From the Computing Power Base to Industry Implementation, Betting on the "Most Open Cloud"
If the base solves the problem of "where the computing power comes from", Huawei Cloud wants to focus more on "where the Tokens go" - how they can be applied to the productivity of specific industries.
Going one step further, Huawei Cloud has launched a public beta of the Zhiguo AgentArts enterprise - level agent platform, and at the same time, the open - source version, openJiuwen, has been launched. The core of the open - source version has more than 90% homology with the enterprise version.
Regarding the differentiating factors of Huawei Cloud in the AI era, Zhou Yuefeng repeatedly emphasized that Huawei Cloud has an ecosystem with open Ascend and Kunpeng computing power, an open - source Euler operating system, and an open - source ModelArts toolchain. It is the "most open cloud in the agent era".
This openness also extends to the model ecosystem. At the conference, Huawei Cloud, in collaboration with more than 20 model providers such as Zhipu, DeepSeek, Kimi, Jieyue Xingchen, and Baidu, jointly launched the "Hundreds of Models, Thousands of Forms" cooperation plan.
What Zhou Yuefeng truly regards as the "productivity landing point" is the industry scenarios.
Currently, Huawei Cloud has helped enterprises in many industries and scenarios to utilize AI. For example, the CloudRobo development platform launched by Huawei Cloud for the embodied intelligence industry enables small and medium - sized enterprises to access and share data and models at a low cost.
"There are more than 300 embodied intelligence startups in China, and their scales are not large. It would be too much of a burden for them to build their own computing power and data chains independently," Zhou Yuefeng explained.
The medical industry is one of the key industries that Huawei Cloud has invested in. Previously, Huawei established a medical business group in 2025. After the arrival of the large - model era, Huawei Cloud now has a typical case.
Currently, there are only about 20,000 doctors in China who can examine pathological slices, resulting in a huge shortage. The misdiagnosis rate of pathological examinations in remote hospitals is relatively high.
In response to this problem, the pathological large model jointly developed by Huawei Cloud and Ruijin Hospital has been launched.
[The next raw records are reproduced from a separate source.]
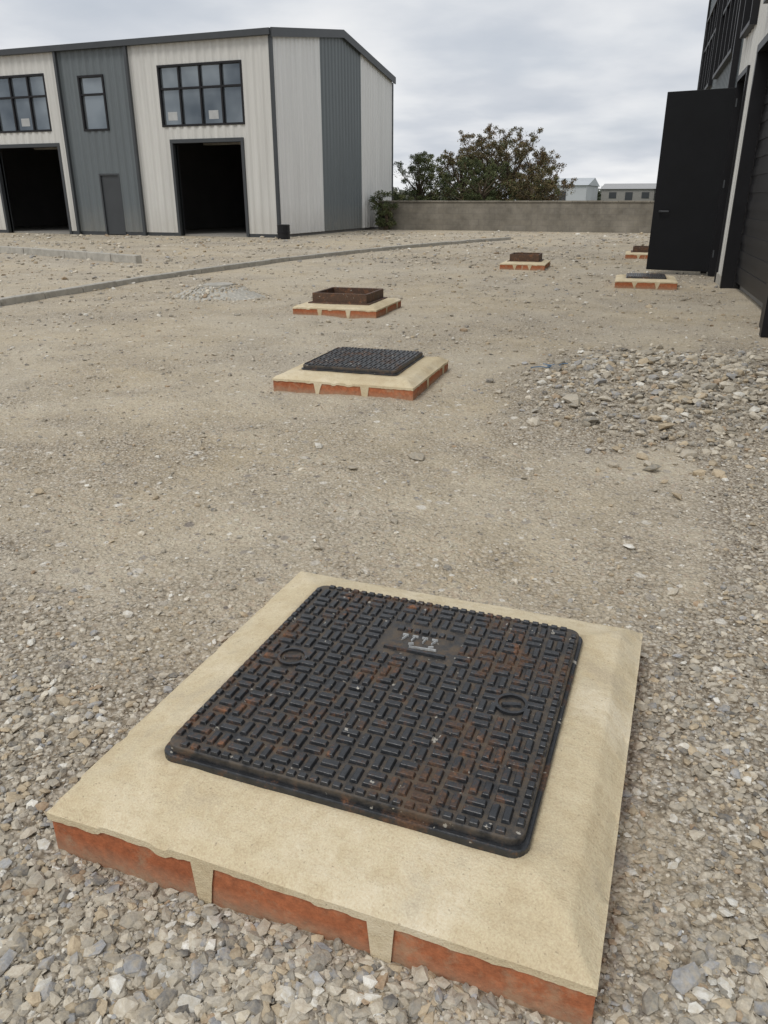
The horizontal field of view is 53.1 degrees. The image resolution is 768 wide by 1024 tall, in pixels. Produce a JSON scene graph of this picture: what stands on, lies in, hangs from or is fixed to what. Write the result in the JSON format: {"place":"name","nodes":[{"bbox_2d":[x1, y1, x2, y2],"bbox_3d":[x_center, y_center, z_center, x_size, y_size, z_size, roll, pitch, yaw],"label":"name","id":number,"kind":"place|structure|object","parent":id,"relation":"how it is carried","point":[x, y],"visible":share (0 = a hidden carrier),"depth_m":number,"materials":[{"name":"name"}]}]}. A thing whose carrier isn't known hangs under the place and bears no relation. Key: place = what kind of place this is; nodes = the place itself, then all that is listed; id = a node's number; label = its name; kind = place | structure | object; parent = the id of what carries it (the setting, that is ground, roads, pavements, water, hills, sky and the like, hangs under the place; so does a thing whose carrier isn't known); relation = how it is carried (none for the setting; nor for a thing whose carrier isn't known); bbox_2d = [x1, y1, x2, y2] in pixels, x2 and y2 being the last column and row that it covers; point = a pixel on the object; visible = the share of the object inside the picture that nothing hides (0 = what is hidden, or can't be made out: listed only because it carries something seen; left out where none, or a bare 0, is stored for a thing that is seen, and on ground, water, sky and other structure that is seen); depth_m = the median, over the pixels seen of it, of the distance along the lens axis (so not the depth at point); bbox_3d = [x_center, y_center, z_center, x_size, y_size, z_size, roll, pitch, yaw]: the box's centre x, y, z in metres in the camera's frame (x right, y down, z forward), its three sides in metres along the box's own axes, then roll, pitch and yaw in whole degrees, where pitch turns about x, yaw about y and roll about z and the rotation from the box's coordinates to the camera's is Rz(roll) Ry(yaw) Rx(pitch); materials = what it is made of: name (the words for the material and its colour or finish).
{"place":"outdoors","nodes":[
{"label":"outdoors","id":0,"kind":"place"},
{"bbox_2d":[14,225,246,236],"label":"floor","id":1,"kind":"structure","parent":0,"point":[237,231],"depth_m":31.31,"materials":[{"name":"concrete"}]},
{"bbox_2d":[34,142,240,149],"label":"interior items","id":2,"kind":"object","parent":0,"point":[225,143],"visible":0.06,"depth_m":28.44,"materials":[{"name":"concrete"}]},
{"bbox_2d":[0,0,708,200],"label":"sky","id":3,"kind":"structure","parent":0,"point":[597,76],"materials":[{"name":"grey"}]},
{"bbox_2d":[0,229,767,1023],"bbox_3d":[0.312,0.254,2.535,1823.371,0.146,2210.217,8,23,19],"label":"ground","id":4,"kind":"structure","parent":0,"point":[116,413],"depth_m":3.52,"materials":[{"name":"grey gravel"}]},
{"bbox_2d":[0,246,141,263],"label":"kerb","id":5,"kind":"structure","parent":4,"relation":"on","point":[113,257],"depth_m":17.16,"materials":[{"name":"concrete"}]},
{"bbox_2d":[0,142,377,236],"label":"walls","id":6,"kind":"structure","parent":4,"relation":"on","point":[211,177],"depth_m":35.18,"materials":[{"name":"black"}]},
{"bbox_2d":[0,27,393,237],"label":"trims and gutter","id":7,"kind":"object","parent":4,"relation":"on","point":[123,43],"visible":0.81,"depth_m":26.82,"materials":[{"name":"grey metal"}]},
{"bbox_2d":[0,52,76,230],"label":"front cladding","id":8,"kind":"structure","parent":7,"relation":"attached to","point":[36,63],"depth_m":27.89,"materials":[{"name":"beige metal"}]},
{"bbox_2d":[0,73,51,132],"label":"window frame","id":9,"kind":"object","parent":8,"relation":"attached to","point":[12,98],"visible":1,"depth_m":28.07,"materials":[{"name":"black metal"}]},
{"bbox_2d":[0,76,49,130],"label":"window glass","id":10,"kind":"object","parent":9,"relation":"in","point":[22,105],"visible":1,"depth_m":28.20,"materials":[{"name":"grey glass"}]},
{"bbox_2d":[21,118,29,126],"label":"window stickers","id":11,"kind":"object","parent":10,"relation":"attached to","point":[25,122],"depth_m":28.45,"materials":[{"name":"white paper"}]},
{"bbox_2d":[101,175,124,234],"bbox_3d":[-9.961,-11.311,28.348,0.780,2.020,0.050,8,23,19],"label":"personnel door","id":12,"kind":"structure","parent":7,"relation":"attached to","point":[112,201],"depth_m":28.33,"materials":[{"name":"grey metal"}]},
{"bbox_2d":[56,35,276,233],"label":"front cladding","id":13,"kind":"structure","parent":7,"relation":"attached to","point":[154,136],"depth_m":26.63,"materials":[{"name":"beige metal"}]},
{"bbox_2d":[77,74,109,130],"bbox_3d":[-10.245,-14.447,27.179,1.100,1.750,0.150,8,23,19],"label":"window frame","id":14,"kind":"object","parent":13,"relation":"attached to","point":[81,95],"visible":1,"depth_m":27.11,"materials":[{"name":"black metal"}]},
{"bbox_2d":[80,77,106,128],"bbox_3d":[-10.233,-14.459,27.209,1.040,1.690,0.020,8,23,19],"label":"window glass","id":15,"kind":"object","parent":14,"relation":"in","point":[94,109],"visible":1,"depth_m":27.22,"materials":[{"name":"glass"}]},
{"bbox_2d":[156,60,244,126],"bbox_3d":[-6.105,-13.947,25.695,3.250,1.860,0.150,8,23,19],"label":"window frame","id":16,"kind":"object","parent":13,"relation":"attached to","point":[199,87],"visible":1,"depth_m":25.64,"materials":[{"name":"black metal"}]},
{"bbox_2d":[160,63,242,124],"bbox_3d":[-6.093,-13.959,25.725,3.190,1.800,0.020,8,23,19],"label":"window glass","id":17,"kind":"object","parent":16,"relation":"in","point":[211,96],"visible":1,"depth_m":25.69,"materials":[{"name":"glass"}]},
{"bbox_2d":[168,110,218,120],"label":"window stickers","id":18,"kind":"object","parent":17,"relation":"attached to","point":[213,114],"depth_m":25.89,"materials":[{"name":"white paper"}]},
{"bbox_2d":[166,282,271,301],"bbox_3d":[-2.224,-2.997,10.417,1.392,0.194,1.422,8,23,19],"label":"gravel mound","id":19,"kind":"object","parent":4,"relation":"on","point":[219,291],"visible":0.99,"depth_m":10.13,"materials":[{"name":"grey gravel"}]},
{"bbox_2d":[0,237,510,305],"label":"kerb","id":20,"kind":"structure","parent":4,"relation":"on","point":[21,298],"depth_m":13.47,"materials":[{"name":"concrete"}]},
{"bbox_2d":[277,224,289,238],"bbox_3d":[-3.344,-9.334,25.607,0.450,0.460,0.450,8,23,19],"label":"storage drum","id":21,"kind":"object","parent":4,"relation":"on","point":[283,231],"visible":0.99,"depth_m":25.46,"materials":[{"name":"black plastic"}]},
{"bbox_2d":[272,37,324,233],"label":"gable cladding","id":22,"kind":"structure","parent":4,"relation":"on","point":[298,100],"depth_m":26.82,"materials":[{"name":"beige metal"}]},
{"bbox_2d":[319,37,361,230],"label":"gable cladding","id":23,"kind":"structure","parent":4,"relation":"on","point":[340,69],"depth_m":29.89,"materials":[{"name":"grey metal"}]},
{"bbox_2d":[46,571,642,1023],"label":"manhole cover","id":24,"kind":"object","parent":4,"relation":"on","point":[410,779],"visible":1,"depth_m":1.51,"materials":[{"name":"black metal"}]},
{"bbox_2d":[292,287,400,318],"bbox_3d":[-0.417,-2.476,9.110,1.006,0.290,1.045,6,23,15],"label":"manhole cover","id":25,"kind":"object","parent":4,"relation":"on","point":[347,302],"visible":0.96,"depth_m":8.77,"materials":[{"name":"beige concrete"}]},
{"bbox_2d":[0,453,705,994],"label":"loose stones","id":26,"kind":"object","parent":4,"relation":"on","point":[684,979],"visible":0.99,"depth_m":1.35,"materials":[{"name":"grey stone"}]},
{"bbox_2d":[272,347,448,400],"bbox_3d":[-0.136,-1.011,5.587,1.005,0.229,1.005,7,23,16],"label":"manhole cover","id":27,"kind":"object","parent":4,"relation":"on","point":[398,374],"visible":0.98,"depth_m":5.25,"materials":[{"name":"beige concrete"}]},
{"bbox_2d":[361,54,391,227],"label":"gable cladding","id":28,"kind":"structure","parent":4,"relation":"on","point":[376,118],"depth_m":33.04,"materials":[{"name":"beige metal"}]},
{"bbox_2d":[369,190,405,229],"bbox_3d":[0.024,-12.956,33.104,1.407,1.745,1.540,-11,25,-26],"label":"bush","id":29,"kind":"object","parent":4,"relation":"on","point":[385,223],"visible":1,"depth_m":33.04,"materials":[{"name":"green plant"}]},
{"bbox_2d":[393,150,457,200],"bbox_3d":[1.931,-15.642,37.412,3.456,3.470,3.086,-1,22,-2],"label":"tree","id":30,"kind":"object","parent":4,"relation":"on","point":[423,160],"visible":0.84,"depth_m":36.77,"materials":[{"name":"green plant"}]},
{"bbox_2d":[429,146,498,200],"bbox_3d":[3.980,-16.489,39.089,3.520,3.777,3.457,8,23,19],"label":"tree","id":31,"kind":"object","parent":4,"relation":"on","point":[450,162],"visible":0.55,"depth_m":38.47,"materials":[{"name":"green plant"}]},
{"bbox_2d":[443,156,521,200],"bbox_3d":[4.522,-15.495,37.266,3.402,3.309,3.809,20,30,41],"label":"tree","id":32,"kind":"object","parent":4,"relation":"on","point":[481,192],"visible":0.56,"depth_m":37.20,"materials":[{"name":"green plant"}]},
{"bbox_2d":[452,123,524,200],"bbox_3d":[5.447,-17.859,40.861,3.991,4.979,4.471,8,23,19],"label":"tree","id":33,"kind":"object","parent":4,"relation":"on","point":[487,130],"visible":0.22,"depth_m":39.84,"materials":[{"name":"green plant"}]},
{"bbox_2d":[393,187,601,200],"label":"distant tree line","id":34,"kind":"object","parent":4,"relation":"on","point":[395,189],"visible":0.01,"depth_m":195.31,"materials":[{"name":"green plant"}]},
{"bbox_2d":[469,126,557,200],"bbox_3d":[6.196,-16.896,38.905,4.206,4.668,4.550,-2,22,-6],"label":"tree","id":35,"kind":"object","parent":4,"relation":"on","point":[499,151],"visible":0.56,"depth_m":38.15,"materials":[{"name":"green plant"}]},
{"bbox_2d":[378,202,653,232],"bbox_3d":[12.470,-11.247,29.703,27.100,1.320,0.220,8,23,19],"label":"blockwork","id":36,"kind":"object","parent":4,"relation":"on","point":[611,217],"visible":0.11,"depth_m":31.85,"materials":[{"name":"grey concrete"}]},
{"bbox_2d":[378,200,653,202],"bbox_3d":[12.418,-11.901,29.458,26.990,0.078,0.300,8,23,19],"label":"coping","id":37,"kind":"object","parent":36,"relation":"on","point":[628,201],"visible":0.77,"depth_m":31.65,"materials":[{"name":"grey concrete"}]},
{"bbox_2d":[500,252,549,270],"bbox_3d":[2.751,-4.848,14.908,0.846,0.320,1.106,6,23,15],"label":"manhole cover","id":38,"kind":"object","parent":4,"relation":"on","point":[524,261],"visible":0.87,"depth_m":14.55,"materials":[{"name":"beige brick"}]},
{"bbox_2d":[501,164,561,200],"bbox_3d":[6.851,-14.855,36.288,2.649,2.860,2.634,-5,23,-12],"label":"tree","id":39,"kind":"object","parent":4,"relation":"on","point":[533,195],"visible":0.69,"depth_m":35.80,"materials":[{"name":"green plant"}]},
{"bbox_2d":[501,139,576,200],"bbox_3d":[7.825,-16.296,38.194,3.428,4.092,3.695,-7,23,-17],"label":"tree","id":40,"kind":"object","parent":4,"relation":"on","point":[541,158],"visible":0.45,"depth_m":37.53,"materials":[{"name":"green plant"}]},
{"bbox_2d":[533,178,599,200],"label":"distant warehouse","id":41,"kind":"structure","parent":4,"relation":"on","point":[585,189],"depth_m":137.20,"materials":[{"name":"white metal"}]},
{"bbox_2d":[546,191,565,200],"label":"doors and windows","id":42,"kind":"structure","parent":41,"relation":"in","point":[564,198],"depth_m":137.15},
{"bbox_2d":[600,183,655,202],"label":"distant warehouse","id":43,"kind":"structure","parent":4,"relation":"on","point":[632,191],"depth_m":151.67,"materials":[{"name":"beige metal"}]},
{"bbox_2d":[609,192,648,199],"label":"doors and windows","id":44,"kind":"structure","parent":43,"relation":"in","point":[628,195],"depth_m":151.19,"materials":[{"name":"grey glass"}]},
{"bbox_2d":[494,344,767,499],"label":"stone heap","id":45,"kind":"object","parent":4,"relation":"on","point":[705,392],"visible":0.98,"depth_m":4.85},
{"bbox_2d":[625,246,648,258],"bbox_3d":[5.929,-5.875,17.464,0.846,0.300,1.005,6,23,15],"label":"manhole cover","id":46,"kind":"object","parent":4,"relation":"on","point":[639,252],"visible":0.52,"depth_m":17.15,"materials":[{"name":"beige concrete"}]},
{"bbox_2d":[614,273,677,289],"bbox_3d":[4.014,-3.534,11.812,0.885,0.216,1.006,6,23,15],"label":"manhole cover","id":47,"kind":"object","parent":4,"relation":"on","point":[659,281],"visible":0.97,"depth_m":11.43,"materials":[{"name":"beige concrete"}]},
{"bbox_2d":[706,272,720,286],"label":"plinth","id":48,"kind":"structure","parent":4,"relation":"on","point":[718,279],"depth_m":11.96,"materials":[{"name":"concrete"}]},
{"bbox_2d":[697,0,767,336],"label":"trims and gutter","id":49,"kind":"object","parent":4,"relation":"on","point":[749,148],"visible":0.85,"depth_m":11.22,"materials":[{"name":"black metal"}]},
{"bbox_2d":[646,88,737,271],"bbox_3d":[5.187,-5.562,13.028,1.111,2.820,0.135,12,25,27],"label":"door leaf","id":50,"kind":"object","parent":49,"relation":"attached to","point":[696,130],"visible":1,"depth_m":13.00,"materials":[{"name":"black paint"}]},
{"bbox_2d":[709,0,767,274],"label":"facade cladding","id":51,"kind":"structure","parent":49,"relation":"attached to","point":[755,37],"depth_m":11.42,"materials":[{"name":"beige metal"}]},
{"bbox_2d":[698,0,722,89],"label":"window frame","id":52,"kind":"object","parent":51,"relation":"attached to","point":[710,48],"visible":0.62,"depth_m":17.88,"materials":[{"name":"grey metal"}]},
{"bbox_2d":[712,0,739,79],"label":"window frame","id":53,"kind":"object","parent":51,"relation":"attached to","point":[727,32],"visible":0.73,"depth_m":14.52,"materials":[{"name":"grey metal"}]},
{"bbox_2d":[740,0,760,38],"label":"window frame","id":54,"kind":"object","parent":51,"relation":"attached to","point":[750,15],"visible":0.5,"depth_m":11.42,"materials":[{"name":"grey metal"}]},
{"bbox_2d":[733,78,767,288],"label":"walls","id":55,"kind":"structure","parent":4,"relation":"on","point":[736,287],"depth_m":10.90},
{"bbox_2d":[735,81,767,302],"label":"roller shutter","id":56,"kind":"object","parent":55,"relation":"attached to","point":[752,272],"visible":1,"depth_m":10.06,"materials":[{"name":"black metal"}]},
{"bbox_2d":[739,286,762,306],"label":"floor","id":57,"kind":"structure","parent":0,"point":[751,296],"depth_m":10.29,"materials":[{"name":"concrete"}]},
{"bbox_3d":[-14.123,-19.293,33.223,26.900,0.940,11.440,8,23,19],"label":"roof","id":58,"kind":"object","parent":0,"visible":0},
{"bbox_2d":[270,27,395,83],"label":"verge trim","id":59,"kind":"structure","parent":58,"relation":"attached to","point":[314,32],"depth_m":27.69,"materials":[{"name":"grey metal"}]}
]}

This model enables county - level and prefecture - level hospitals to access the diagnostic capabilities of top - tier hospitals through the cloud, eliminating the need for patients to travel long distances.
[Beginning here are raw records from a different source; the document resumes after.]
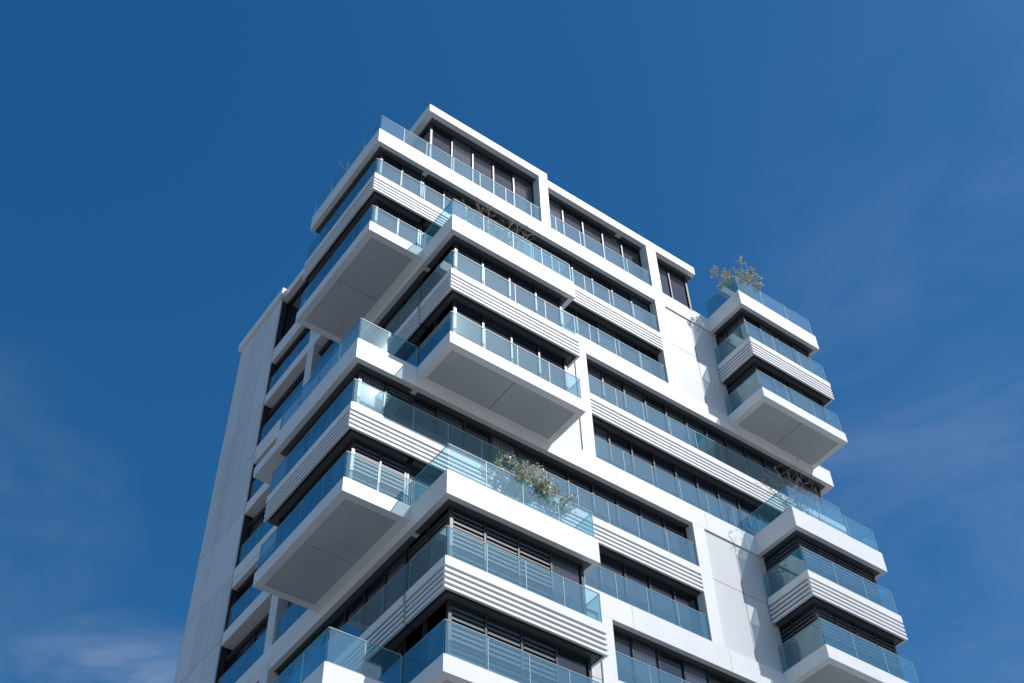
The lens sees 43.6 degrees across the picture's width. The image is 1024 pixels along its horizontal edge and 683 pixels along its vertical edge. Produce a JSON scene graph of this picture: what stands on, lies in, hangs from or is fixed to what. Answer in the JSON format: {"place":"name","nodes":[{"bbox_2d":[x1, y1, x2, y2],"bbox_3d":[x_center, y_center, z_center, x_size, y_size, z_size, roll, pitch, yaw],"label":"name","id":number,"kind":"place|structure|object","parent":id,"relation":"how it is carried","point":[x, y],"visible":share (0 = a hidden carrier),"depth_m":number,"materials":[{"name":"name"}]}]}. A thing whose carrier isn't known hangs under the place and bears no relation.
{"place":"outdoors","nodes":[
{"label":"outdoors","id":0,"kind":"place"},
{"bbox_2d":[215,301,287,682],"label":"wall backing","id":1,"kind":"object","parent":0,"point":[232,602],"depth_m":53.60,"materials":[{"name":"grey paint"}]},
{"bbox_2d":[259,330,321,682],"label":"bay piers","id":2,"kind":"structure","parent":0,"point":[275,626],"depth_m":45.56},
{"bbox_2d":[285,118,690,316],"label":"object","id":3,"kind":"structure","parent":0,"point":[483,151],"depth_m":59.77,"materials":[{"name":"white paint"}]},
{"bbox_2d":[0,0,1023,682],"label":"sky","id":4,"kind":"structure","parent":0,"point":[166,165],"materials":[{"name":"blue"}]},
{"bbox_2d":[218,116,911,682],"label":"balustrade rail","id":5,"kind":"object","parent":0,"point":[510,454],"visible":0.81,"depth_m":47.03,"materials":[{"name":"silver metal"}]},
{"bbox_2d":[236,205,901,682],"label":"window blinds","id":6,"kind":"object","parent":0,"point":[436,541],"depth_m":40.76,"materials":[{"name":"grey metal"}]},
{"bbox_2d":[232,128,907,682],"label":"slab edges","id":7,"kind":"object","parent":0,"point":[440,492],"visible":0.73,"depth_m":46.06,"materials":[{"name":"white paint"}]},
{"bbox_2d":[223,315,726,679],"bbox_3d":[0.268,15.229,46.439,23.380,49.478,18.830,28,-55,-24],"label":"room interior","id":8,"kind":"object","parent":7,"relation":"on","point":[229,651],"visible":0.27,"depth_m":55.26,"materials":[{"name":"black"}]},
{"bbox_2d":[224,146,900,682],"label":"recess ceiling","id":9,"kind":"structure","parent":8,"relation":"on","point":[424,616],"depth_m":47.45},
{"bbox_2d":[461,187,542,251],"bbox_3d":[-0.581,-4.238,51.083,3.923,2.924,2.063,28,-55,-24],"label":"bare shrub","id":10,"kind":"object","parent":7,"relation":"on","point":[487,225],"visible":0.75,"depth_m":50.88,"materials":[{"name":"plant"}]},
{"bbox_2d":[476,451,576,522],"bbox_3d":[0.554,4.944,41.097,3.573,2.157,1.797,28,-55,-24],"label":"terrace shrub","id":11,"kind":"object","parent":7,"relation":"on","point":[512,488],"visible":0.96,"depth_m":40.87,"materials":[{"name":"green plant"}]},
{"bbox_2d":[265,237,869,682],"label":"box soffit","id":12,"kind":"structure","parent":7,"relation":"attached to","point":[333,549],"depth_m":45.11,"materials":[{"name":"white paint"}]},
{"bbox_2d":[217,129,918,682],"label":"balustrade joints","id":13,"kind":"object","parent":7,"relation":"on","point":[523,497],"visible":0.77,"depth_m":46.42,"materials":[{"name":"silver metal"}]},
{"bbox_2d":[266,172,902,682],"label":"band fascia","id":14,"kind":"structure","parent":7,"relation":"attached to","point":[498,582],"depth_m":46.37,"materials":[{"name":"white paint"}]},
{"bbox_2d":[267,191,903,671],"bbox_3d":[3.926,13.150,41.617,24.470,40.359,7.720,28,-55,-24],"label":"louvre back","id":15,"kind":"object","parent":7,"relation":"on","point":[593,415],"visible":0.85,"depth_m":46.27,"materials":[{"name":"grey metal"}]},
{"bbox_2d":[263,178,907,671],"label":"louvre slats","id":16,"kind":"object","parent":15,"relation":"attached to","point":[411,610],"visible":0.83,"depth_m":45.99,"materials":[{"name":"white metal"}]},
{"bbox_2d":[326,305,908,682],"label":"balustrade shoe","id":17,"kind":"object","parent":7,"relation":"on","point":[585,584],"visible":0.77,"depth_m":41.44,"materials":[{"name":"grey metal"}]},
{"bbox_2d":[533,176,724,682],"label":"frame columns","id":18,"kind":"structure","parent":7,"relation":"on","point":[707,599],"depth_m":48.88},
{"bbox_2d":[709,255,763,301],"bbox_3d":[10.901,-2.613,61.550,2.847,2.810,2.293,28,-55,-24],"label":"terrace shrub","id":19,"kind":"object","parent":7,"relation":"on","point":[742,286],"visible":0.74,"depth_m":61.50,"materials":[{"name":"green plant"}]},
{"bbox_2d":[756,458,826,515],"bbox_3d":[11.517,6.435,51.770,3.352,2.953,2.188,28,-55,-24],"label":"bare shrub","id":20,"kind":"object","parent":7,"relation":"on","point":[800,506],"visible":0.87,"depth_m":51.56,"materials":[{"name":"green plant"}]},
{"bbox_2d":[270,193,899,672],"bbox_3d":[0.438,16.608,44.839,24.360,47.090,19.460,28,-55,-24],"label":"cladding","id":21,"kind":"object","parent":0,"point":[410,459],"visible":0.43,"depth_m":46.26,"materials":[{"name":"white metal"}]},
{"label":"ground","id":22,"kind":"structure","parent":0,"visible":0},
{"bbox_2d":[174,354,241,682],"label":"wall","id":23,"kind":"structure","parent":22,"relation":"on","point":[206,525],"depth_m":57.70,"materials":[{"name":"white paint"}]},
{"bbox_2d":[175,300,787,682],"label":"wall panels","id":24,"kind":"object","parent":22,"relation":"on","point":[750,629],"visible":0.73,"depth_m":53.69,"materials":[{"name":"white paint"}]},
{"bbox_2d":[238,288,286,352],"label":"roof coping","id":25,"kind":"object","parent":24,"relation":"on","point":[279,297],"visible":1,"depth_m":65.39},
{"bbox_2d":[221,333,346,682],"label":"bay slabs","id":26,"kind":"structure","parent":24,"relation":"attached to","point":[246,622],"depth_m":48.63,"materials":[{"name":"white concrete"}]},
{"bbox_2d":[283,104,694,302],"bbox_3d":[-2.418,-1.632,65.190,15.800,0.940,17.500,28,-55,-24],"label":"roof frame","id":27,"kind":"object","parent":24,"relation":"on","point":[430,112],"visible":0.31,"depth_m":60.15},
{"bbox_2d":[223,123,904,682],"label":"window mullions","id":28,"kind":"object","parent":24,"relation":"attached to","point":[449,603],"depth_m":47.03,"materials":[{"name":"grey metal"}]},
{"bbox_2d":[225,126,900,682],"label":"window panes","id":29,"kind":"object","parent":28,"relation":"in","point":[423,424],"visible":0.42,"depth_m":47.54,"materials":[{"name":"blue glass"}]}
]}

In addition, considering the concerns of governments, financial institutions, and central state - owned enterprises about data security and localization, Huawei Cloud has also simultaneously released a hybrid - cloud white paper for agents and a confidential computing solution, taking a "two - pronged approach" with public cloud and private cloud.
"Huawei Cloud aims to be the silicon - based fertile ground." Zhou Yuefeng repeatedly mentioned that Huawei Cloud wants to build a "second computing power plane". This means not comparing the scale of domestic computing power with that of "global - sourced" computing power like NVIDIA, but providing global developers with an additional technical route and an ecosystem option.